Of course, the “corruption” of children until the 80’s pales in comparison to the actual corruption of children from the 90’s onward. Clearly, television and movies alone cannot be to blame, as the glorification of violence in the media ranging from westerns where cowboys murdered Indians to crime shows and movies where people were shot continuously happened long before the 80’s. The remainder media argument that does hold some validity resides in video games, for, they are quite real, and at least for me, personally, do tend to provoke increases in my generalized temper. But, why have video games become so popular, and why are they so widespread?
The answer to that may reside in an otherwise seemingly unrelated variable in the grand equation: laws. While movies, television, and video games have only been targeted by minimalist laws, society in general has experienced several lawmaking shifts that particularly target younger people, and I argue that these, more than anything, are causing the greatest amounts of damage to children. So, let’s examine two of them, shall we?

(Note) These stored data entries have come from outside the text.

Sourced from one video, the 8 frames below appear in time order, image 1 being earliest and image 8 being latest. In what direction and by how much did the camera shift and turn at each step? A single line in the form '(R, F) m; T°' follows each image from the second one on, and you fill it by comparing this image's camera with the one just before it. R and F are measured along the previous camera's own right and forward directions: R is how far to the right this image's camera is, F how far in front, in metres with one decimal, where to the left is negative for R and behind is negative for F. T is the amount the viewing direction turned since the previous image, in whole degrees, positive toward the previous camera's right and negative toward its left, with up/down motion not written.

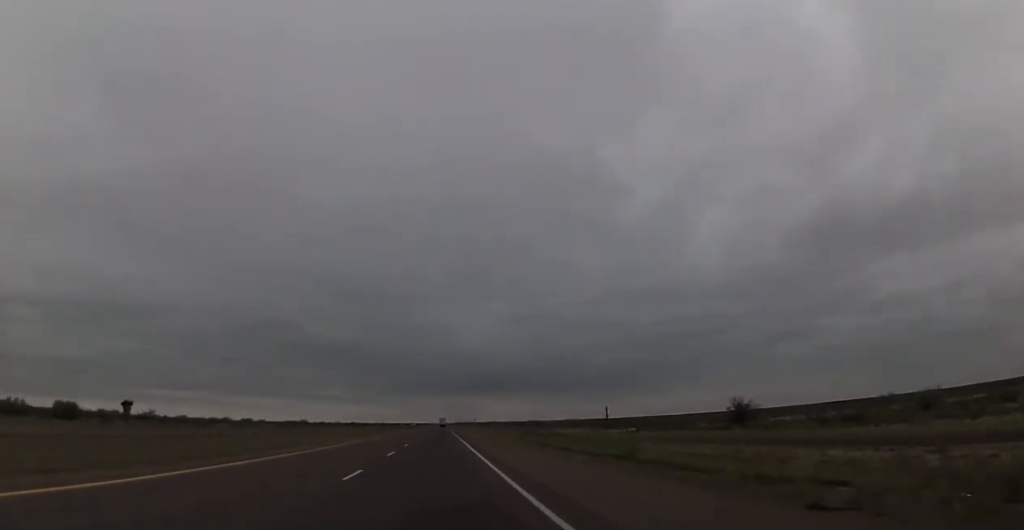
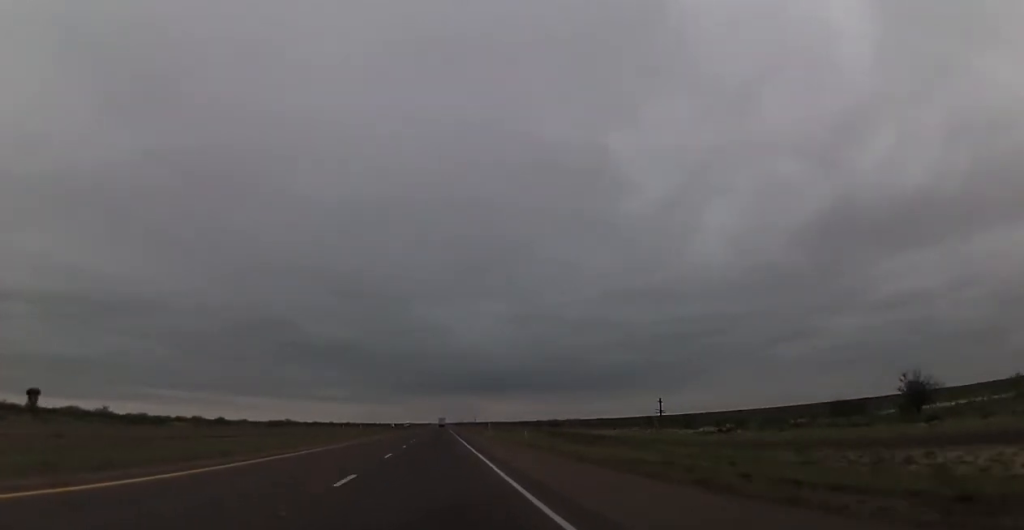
(0.0, +38.0) m; +1°
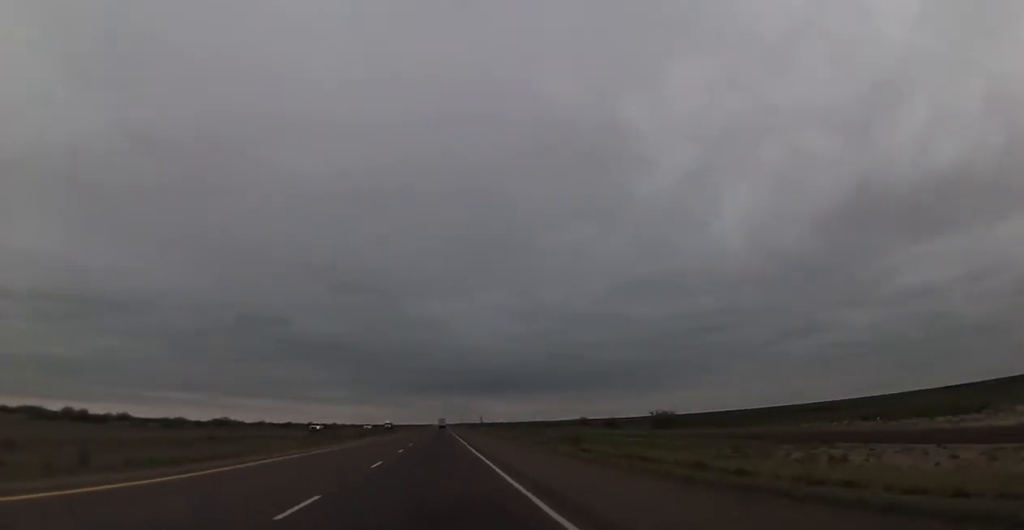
(+0.6, +101.6) m; 0°
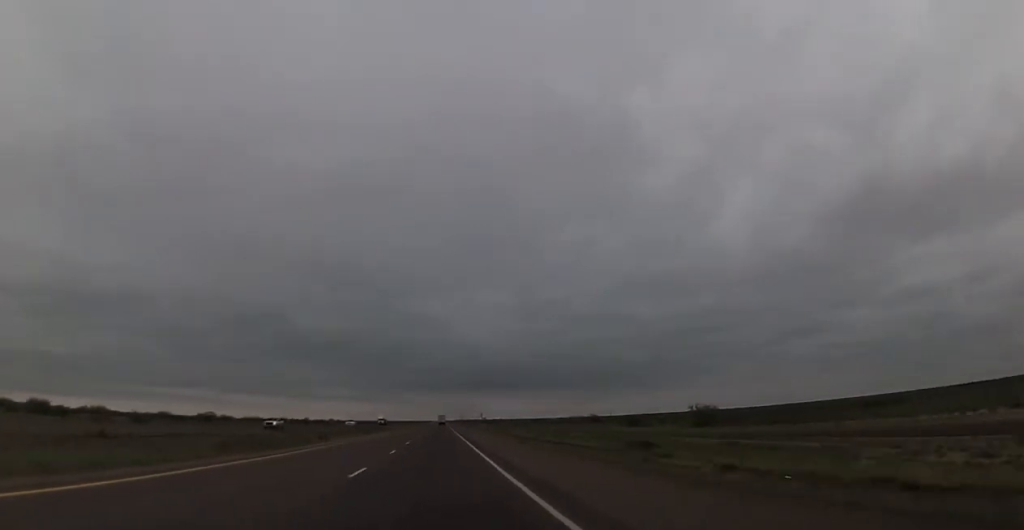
(0.0, +17.2) m; 0°
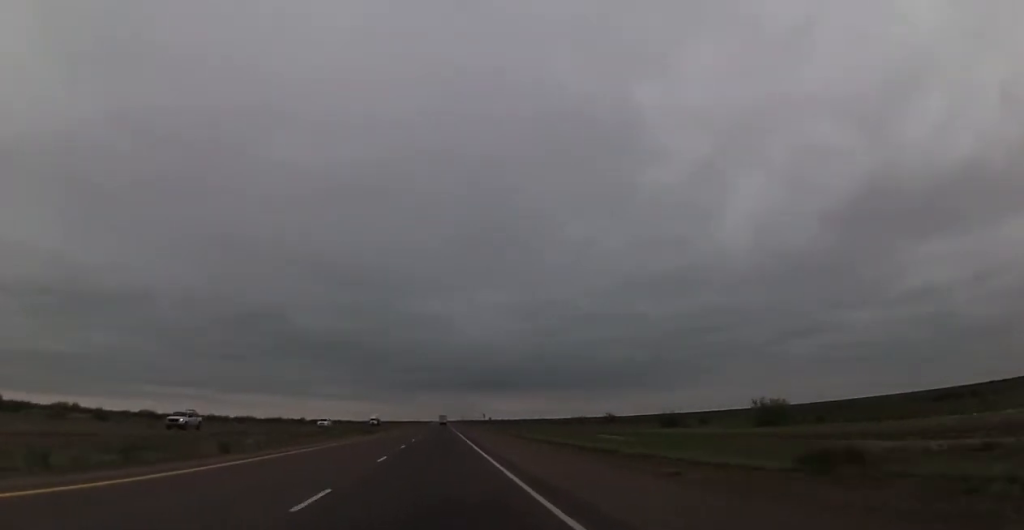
(0.0, +18.4) m; 0°
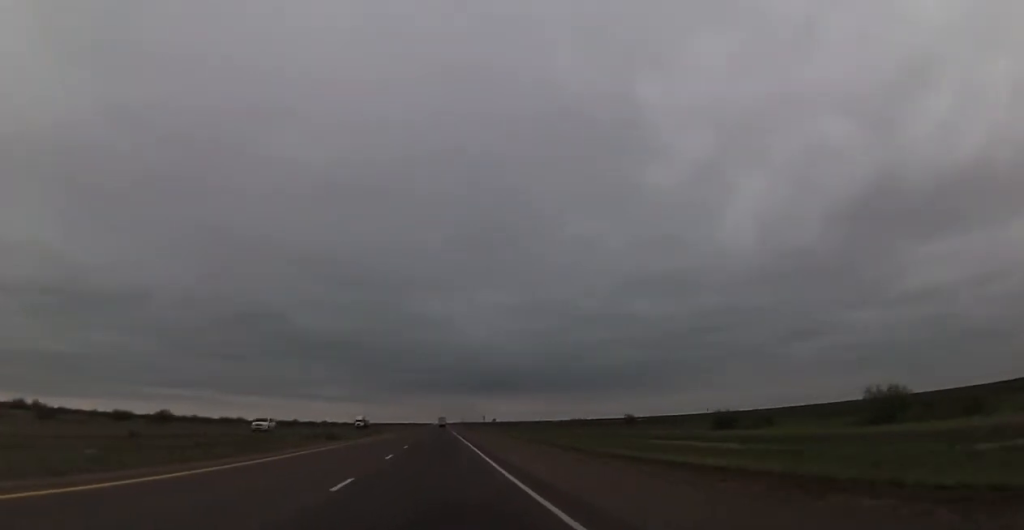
(0.0, +20.9) m; 0°
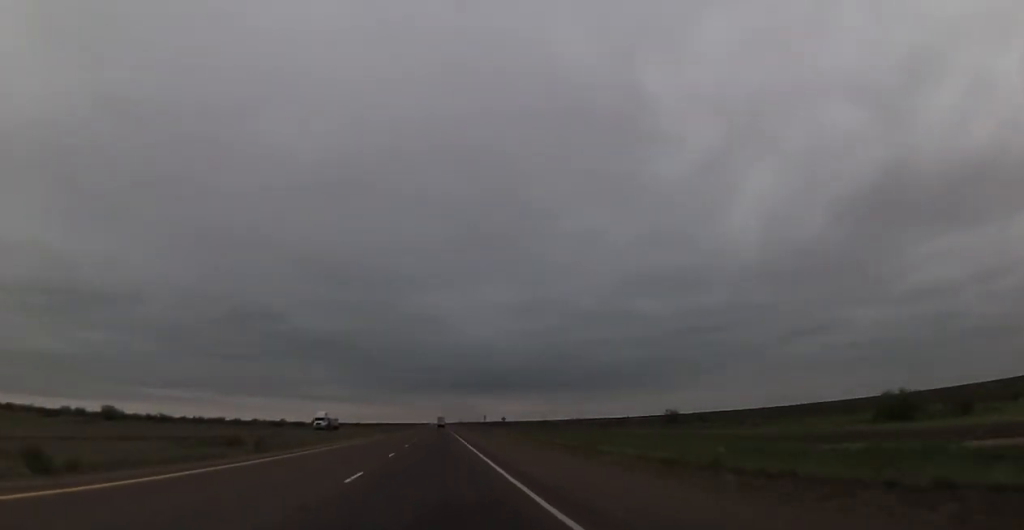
(0.0, +34.3) m; 0°
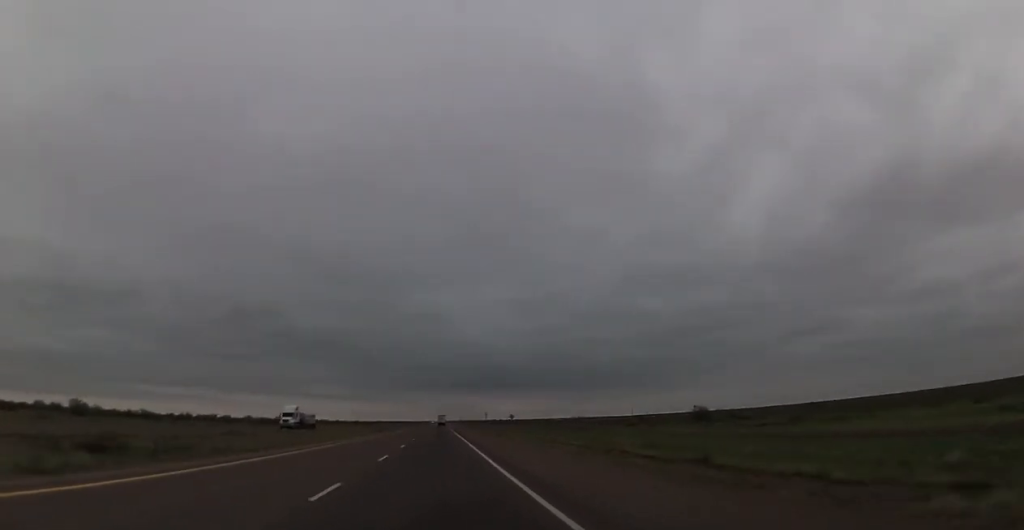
(0.0, +15.9) m; 0°

- Tobacco Prohibition.History lesson time. Since the inception of this country, tobacco has been central to the lives of countless amounts of people. It has always been completely unregulated, and it was the staple crop that started this country going from the beginning. Arguably, without the tobacco trade, the early middle and southern colonies of the present-day United States would have withered and died away. Until the invention of the cotton gin, tobacco still outsold cotton-related industries, including textiles, for centuries. That all changed once we became an industrial superpower and relied more on manufactured goods than tobacco products.

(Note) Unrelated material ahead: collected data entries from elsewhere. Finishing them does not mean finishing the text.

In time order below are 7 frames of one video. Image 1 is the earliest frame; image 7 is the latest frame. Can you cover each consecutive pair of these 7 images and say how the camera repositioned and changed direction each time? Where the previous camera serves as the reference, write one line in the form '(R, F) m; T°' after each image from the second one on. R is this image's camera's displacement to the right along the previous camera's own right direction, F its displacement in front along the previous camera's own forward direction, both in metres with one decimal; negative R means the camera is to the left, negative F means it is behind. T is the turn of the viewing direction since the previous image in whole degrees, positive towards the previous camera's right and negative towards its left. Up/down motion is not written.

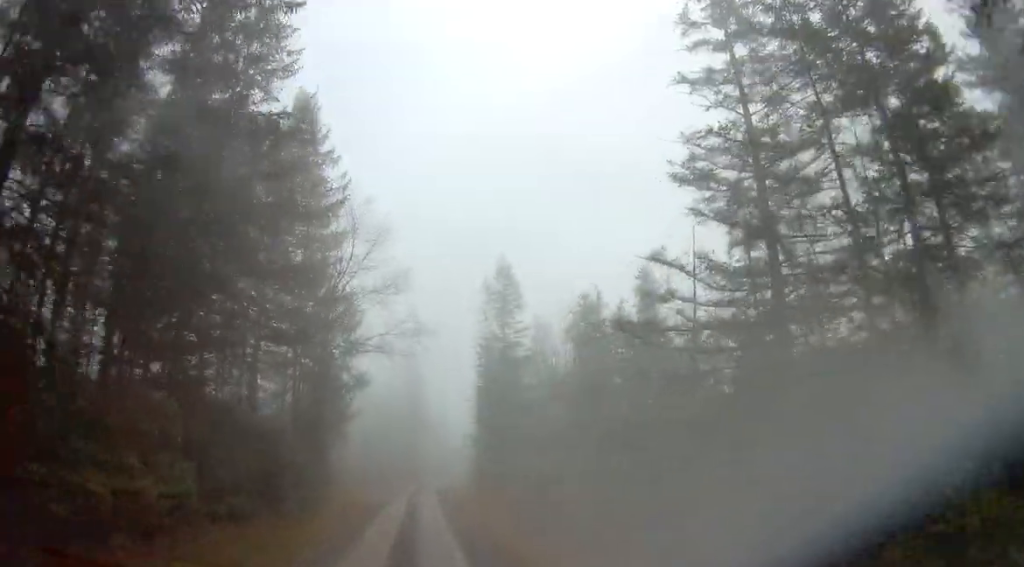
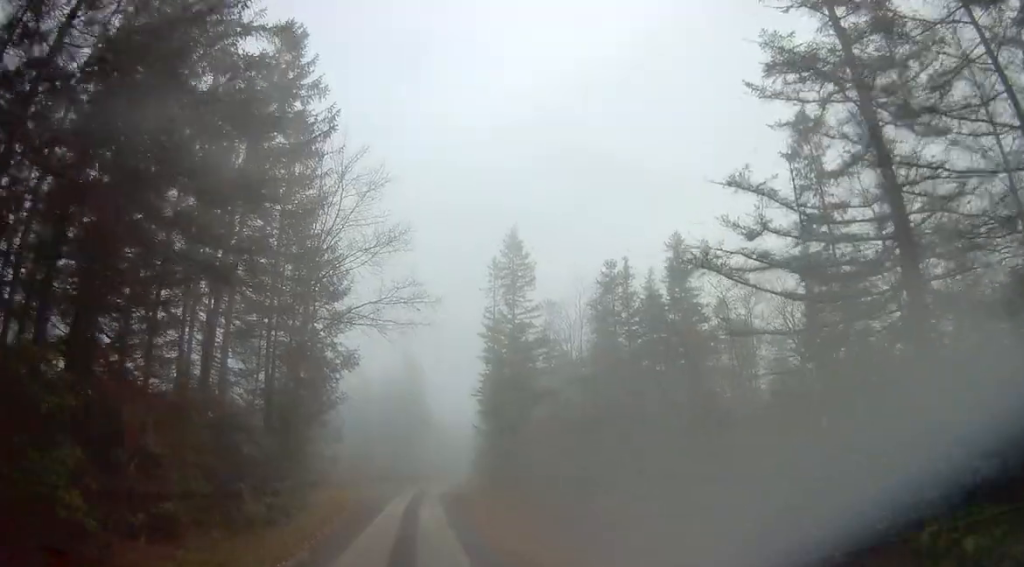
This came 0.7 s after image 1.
(-0.1, +5.1) m; 0°
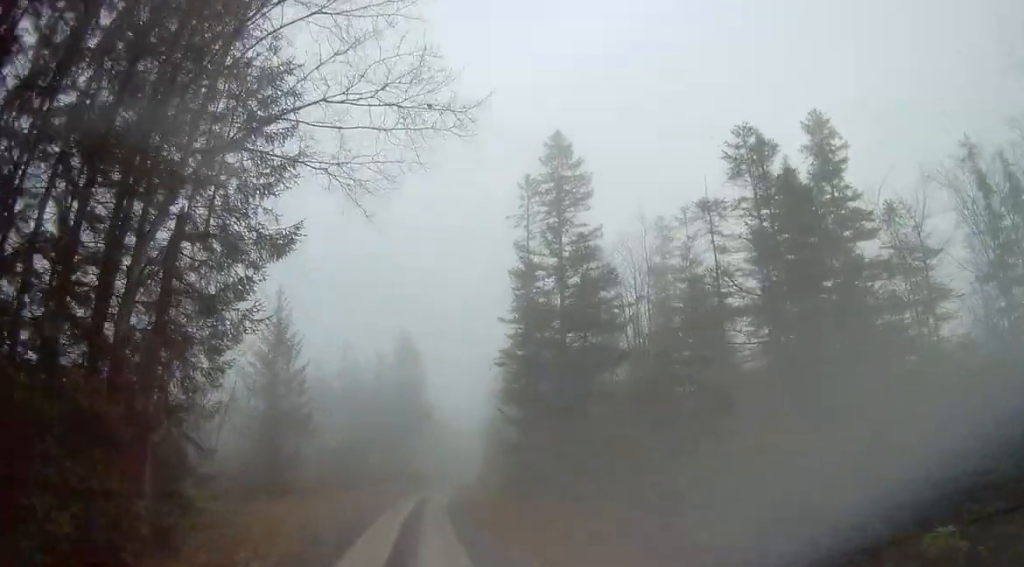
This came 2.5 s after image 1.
(+0.3, +13.4) m; +1°
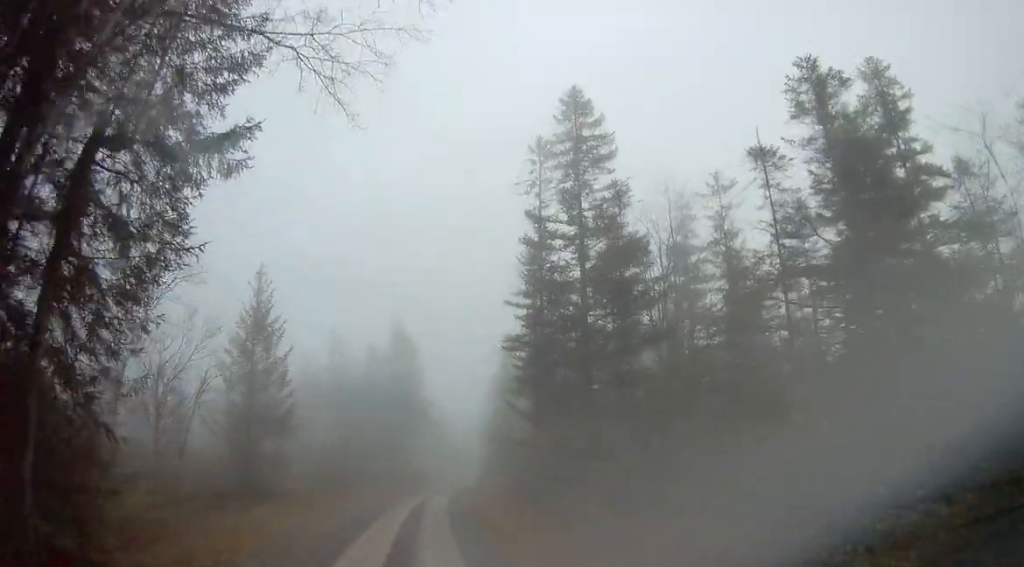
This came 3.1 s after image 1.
(-0.1, +3.9) m; 0°
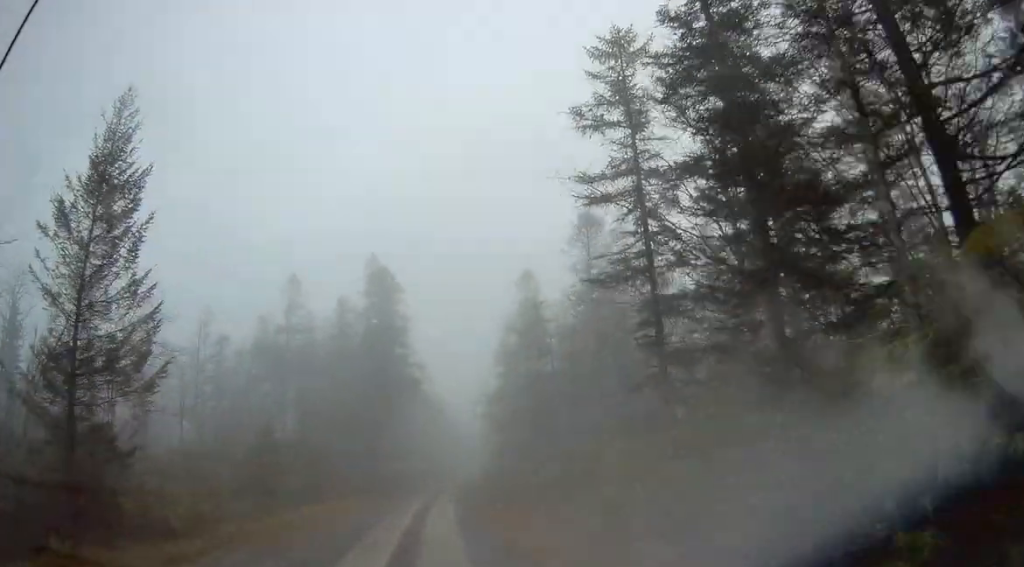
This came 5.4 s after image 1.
(-0.1, +16.8) m; -1°
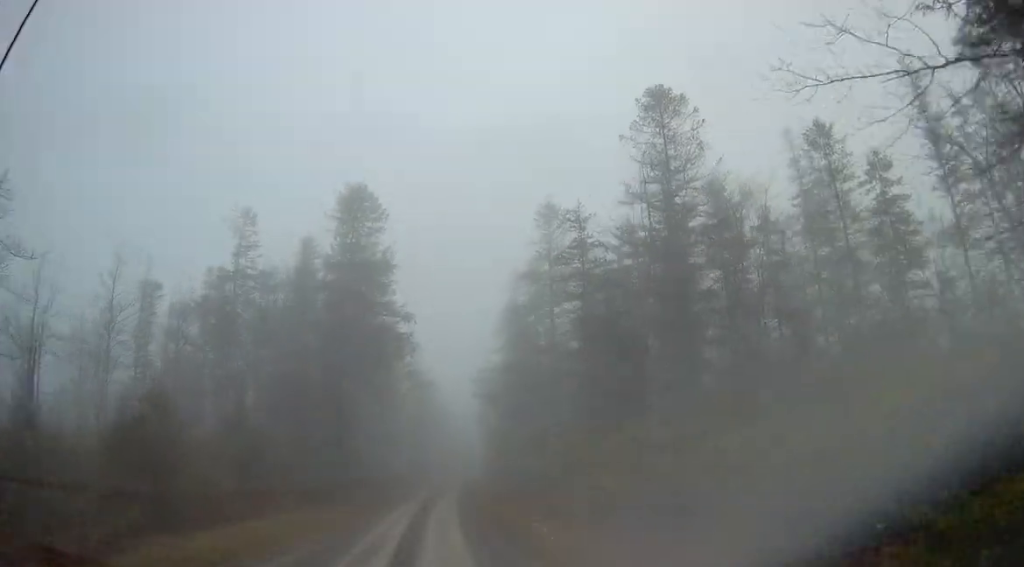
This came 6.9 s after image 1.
(+0.1, +11.4) m; +2°
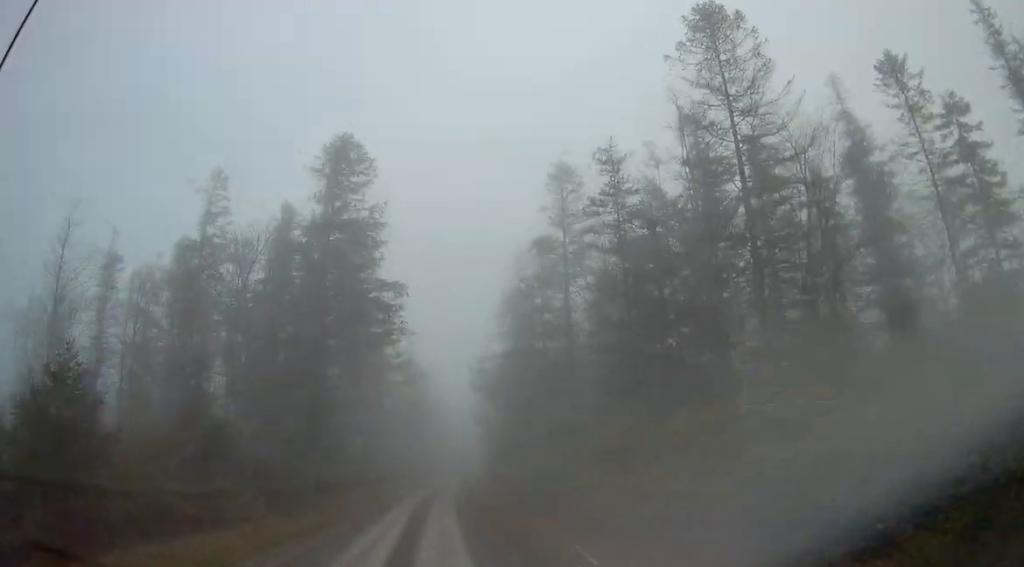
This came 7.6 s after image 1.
(0.0, +4.9) m; +2°

In April of 1970, Nixon started the ball rolling by banning cigarette ads on television. That same year, the Controlled Substances Act passed into law, thus establishing the present-day role of prescriptions and the illegalities of possessing certain drugs. This, alone, is a topic upon which we can expand and discuss the role of the resultant black market emergence, but that’s a totally different topic altogether. We’re here to talk about nicotine.
The next most notable, and arguably the most dangerous step came in 1988, when the sale of cigarettes and other tobacco products to minors became illegal in all 50 states. Even worse, more recently, the sale age has been raised to 19 in various states, including Alabama and Utah. Several other states are considering doing the same, if not raising it higher.
Here’s the problem: even though I absolutely hate cigarettes and think that they’re evil and bad for your health, they provide a valuable, 100% legal high that keeps people happy, focused, concentrated, and subdued. It always has, and kids have been able to smoke and chew tobacco for centuries. Is it bad for them? Absolutely. Did we just find that out relatively recently? Yes.
But, the problem is that there is no easy alternative to the recently-prohibited tobacco products. Teens can’t even purchase the nicotine gum to help them kick the habit even if they wanted to. Plus, all antidepressants and anti-anxiety medications are prescription-only and consequently expensive and hard to obtain thanks to the Controlled Substances Act. Cigarettes, while bad for your health, have historically been relatively inexpensive, while providing similar (albeit more addictive) results, readily accessible from the local supermarket for $3 bucks as opposed to $300.
If you ask almost any cigarette-smoker, they’ll tell you that smoking takes the edge off. It reduces their anxiety and depression, and it gives them something to do. In fact, nicotine and its metabolites are being highly researched as potential treatments for various diseases, most notably ADHD (which is also a relatively new disease) increases of which directly coincide with tobacco prohibition and anti-tobacco campaigns. Nicotine also acts on areas of the brain that are stimulated by sexual release, as well, which also helps to explain the recent rise in levels of teen sex. After all, if you can’t find a way to suppress the desire to get your freak on, you’ll do the next best thing—get your freak on.
So let’s recap: there are no school, church, or public shootings for 300 years (all the while tobacco is 100% legal for teenagers to grow and buy), but less than 10 years after tobacco is outlawed for kids, school shootings, violence, and pre-marital orgies start increasing dramatically, and people don’t really know why. Video games? Perhaps kids are just trying to “get the edge off” and “relieve anxiety” from their stressful, over-structured days induced by parental pressure contained within a sterile, drug-free environment. In the past, teenagers would have been able to buy a pack of smokes to get the same relief, but now they’re forced to engage in drug-free activities to release their rage and frustration, many by playing first-person shooters/drivers like Grand Theft Auto.
Could that all be coincidental? Sure. But, I’d like to think it’s poetic justice. Short-sighted government paternalism intended for the betterment of kids and society backfires on a massive fucking scale. Irony never smelled so sweet.
- Alcohol Prohibition. The joy of alcohol prohibition has a similar story. We all know about how social conservatives passed a constitutional amendment to ban the consumption, sale, and distribution of intoxicating liquors for beverage purposes within the last century. We also know how it backfired on a massive scale and caused a huge murder rate hike while it was in action due to the bootlegger black market. Clearly, adults wanted their liquor. Of course, tobacco was still available for kids and other adults, plus a bunch of other fun medications were still available from the local pharmacist, particularly all of the drugs that were pre-Controlled Substances Act, including morphine and marijuana. It all became history, though, when defeat was admitted and the amendment was repealed.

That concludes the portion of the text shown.